Aim of the task — Please repeat the records beneath this task exactly as they appear, but skip the images.

Study material —
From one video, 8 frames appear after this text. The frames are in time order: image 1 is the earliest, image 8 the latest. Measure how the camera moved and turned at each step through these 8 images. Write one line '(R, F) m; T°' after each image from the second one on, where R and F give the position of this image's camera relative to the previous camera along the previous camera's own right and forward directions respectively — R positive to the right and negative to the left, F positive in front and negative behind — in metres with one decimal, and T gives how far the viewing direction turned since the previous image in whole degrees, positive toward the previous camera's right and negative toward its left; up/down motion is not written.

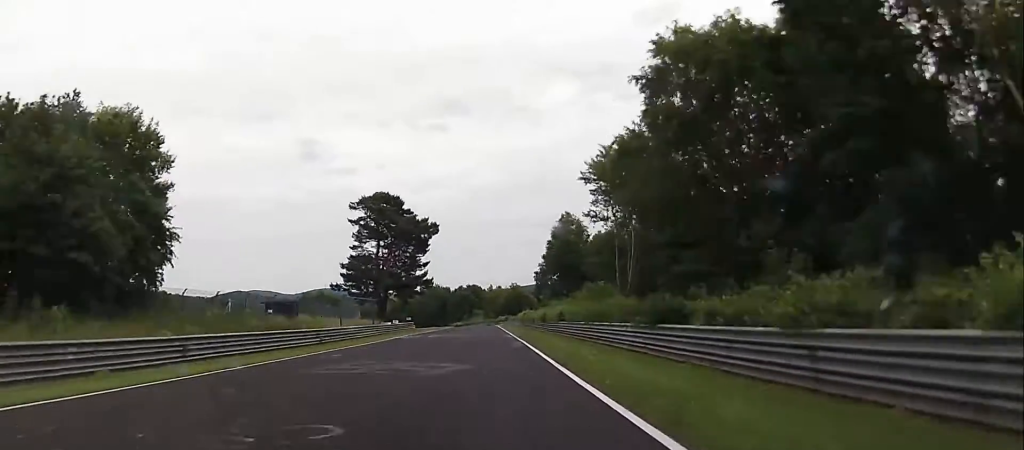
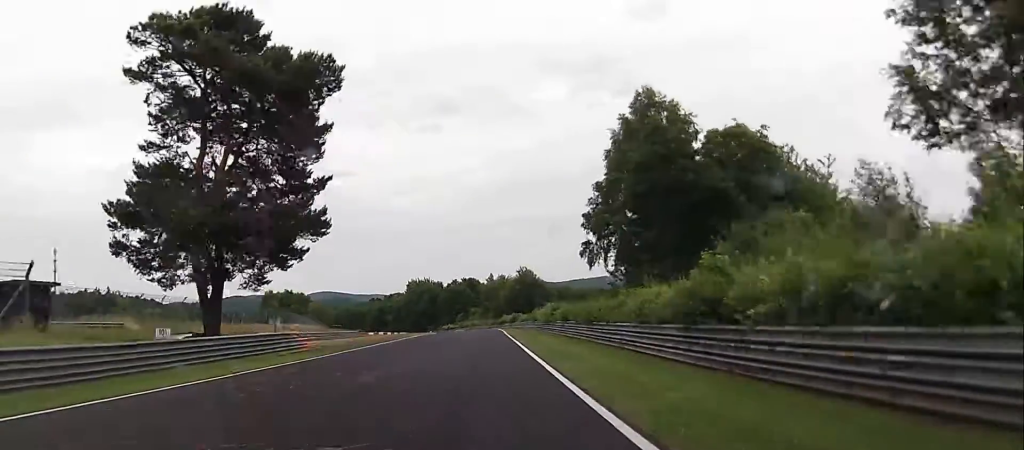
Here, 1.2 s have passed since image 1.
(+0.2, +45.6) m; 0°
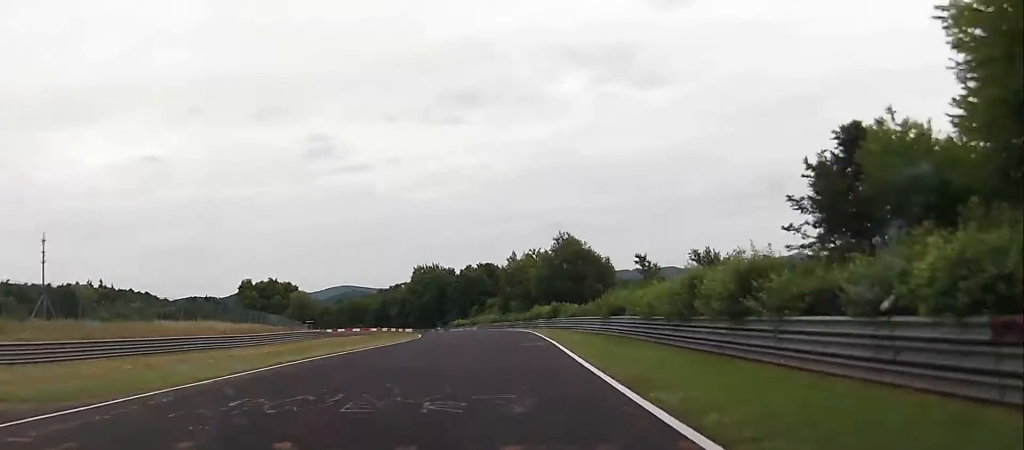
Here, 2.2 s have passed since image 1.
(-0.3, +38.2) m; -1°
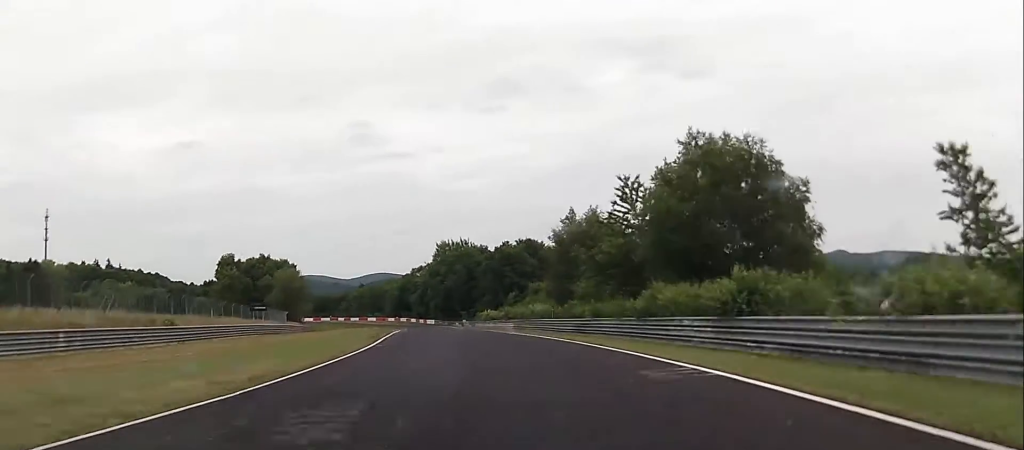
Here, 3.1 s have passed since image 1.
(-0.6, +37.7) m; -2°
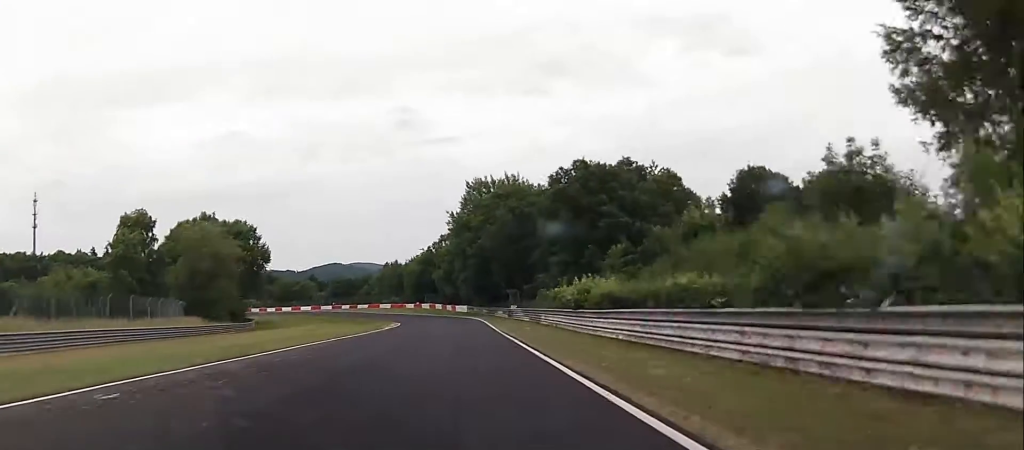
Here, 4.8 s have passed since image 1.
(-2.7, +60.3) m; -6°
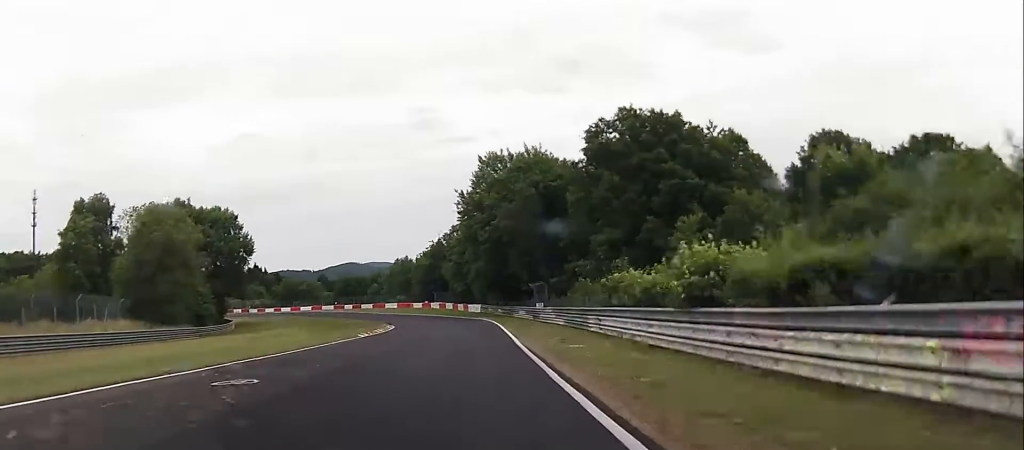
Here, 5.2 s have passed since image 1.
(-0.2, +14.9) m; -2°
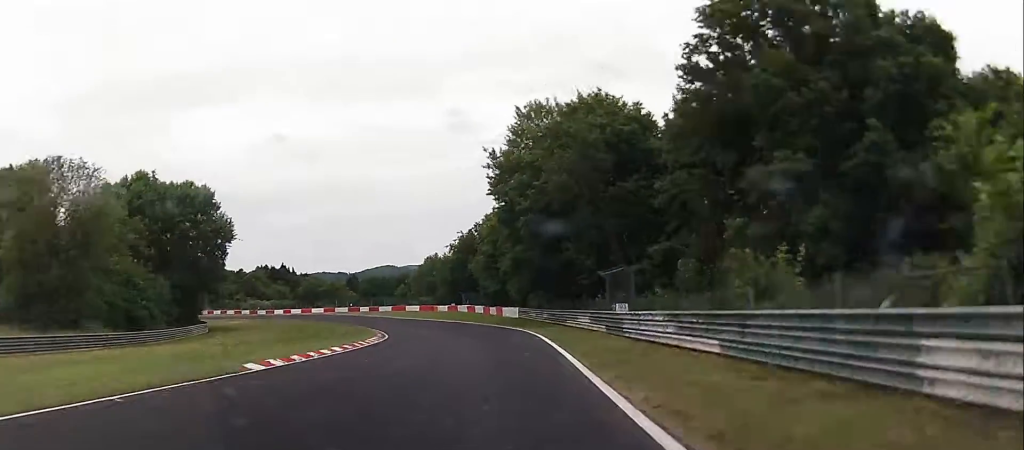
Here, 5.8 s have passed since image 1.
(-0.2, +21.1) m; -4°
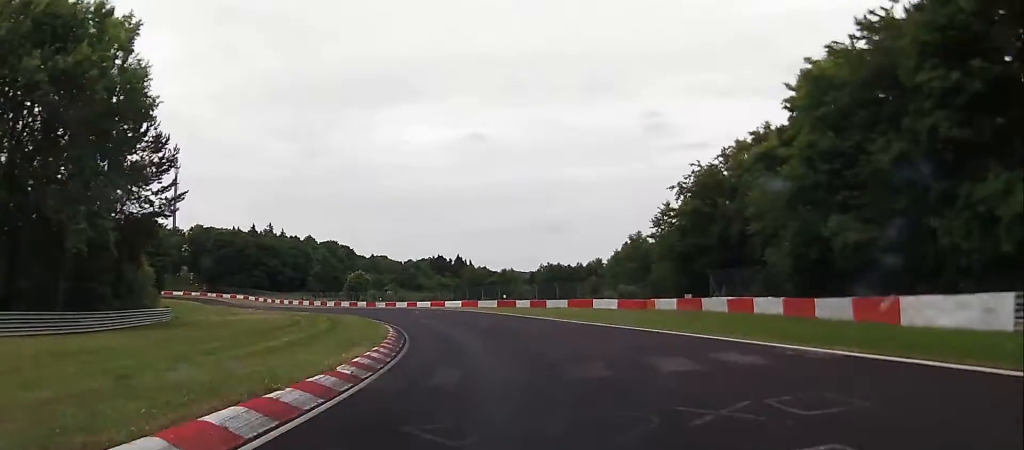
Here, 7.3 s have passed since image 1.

Answer space —
From one video, 8 frames appear after this text. The frames are in time order: image 1 is the earliest, image 8 the latest. Measure how the camera moved and turned at each step through these 8 images. Write one line '(R, F) m; T°' after each image from the second one on, where R and F give the position of this image's camera relative to the previous camera along the previous camera's own right and forward directions respectively — R positive to the right and negative to the left, F positive in front and negative behind — in metres with one decimal, and T gives how far the viewing direction turned since the previous image in whole degrees, positive toward the previous camera's right and negative toward its left; up/down motion is not written.

Here, 1.2 s have passed since image 1.
(+0.2, +45.6) m; 0°
Here, 2.2 s have passed since image 1.
(-0.3, +38.2) m; -1°
Here, 3.1 s have passed since image 1.
(-0.6, +37.7) m; -2°
Here, 4.8 s have passed since image 1.
(-2.7, +60.3) m; -6°
Here, 5.2 s have passed since image 1.
(-0.2, +14.9) m; -2°
Here, 5.8 s have passed since image 1.
(-0.2, +21.1) m; -4°
Here, 7.3 s have passed since image 1.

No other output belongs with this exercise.